Nursing Women: Fluoxetine and its metabolites are excreted in breast milk, and have been observed to reach high levels in the plasma of nursing infants. Women who are taking pms-FLUOXETINE should not breast feed unless, in the opinion of the treating physician, breast feeding is necessary, in which case the infant should be closely monitored.

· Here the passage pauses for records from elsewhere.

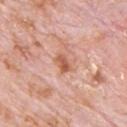Case summary:
- follow-up: imaged on a skin check; not biopsied
- tile lighting: white-light
- subject: male, roughly 80 years of age
- anatomic site: the front of the torso
- image-analysis metrics: an area of roughly 3.5 mm², an eccentricity of roughly 0.8, and a symmetry-axis asymmetry near 0.3
- diameter: ~2.5 mm (longest diameter)
- acquisition: ~15 mm crop, total-body skin-cancer survey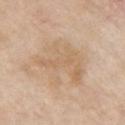On the chest.
A roughly 15 mm field-of-view crop from a total-body skin photograph.
The patient is a female about 70 years old.
The tile uses white-light illumination.
The lesion-visualizer software estimated a mean CIELAB color near L≈64 a*≈15 b*≈33 and a lesion-to-skin contrast of about 4.5 (normalized; higher = more distinct). And it measured a detector confidence of about 100 out of 100 that the crop contains a lesion.
Longest diameter approximately 7 mm.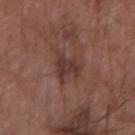• acquisition: ~15 mm tile from a whole-body skin photo
• lesion size: ≈4.5 mm
• patient: male, aged approximately 65
• tile lighting: white-light
• anatomic site: the right forearm
• automated lesion analysis: an area of roughly 7.5 mm², an outline eccentricity of about 0.75 (0 = round, 1 = elongated), and a shape-asymmetry score of about 0.45 (0 = symmetric)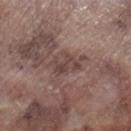- workup: no biopsy performed (imaged during a skin exam)
- lesion diameter: ~3 mm (longest diameter)
- imaging modality: ~15 mm crop, total-body skin-cancer survey
- site: the right lower leg
- subject: male, aged 73 to 77

In one breast milk sample, the concentration of fluoxetine plus norfluoxetine was 70.4 ng/mL. The concentration in the mother's plasma was 295.0 ng/mL. No adverse effects on the infant were reported. In another case, a 6-week infant, nursed by a mother on fluoxetine, developed crying, decreased sleep, vomiting and watery stools. The breast milk showed concentrations of 69 ng/mL for fluoxetine and 90 ng/mL for norfluoxetine. In the infant's plasma, the concentrations of fluoxetine and norfluoxetine on the second day of feeding were 340 and 208 ng/mL, respectively.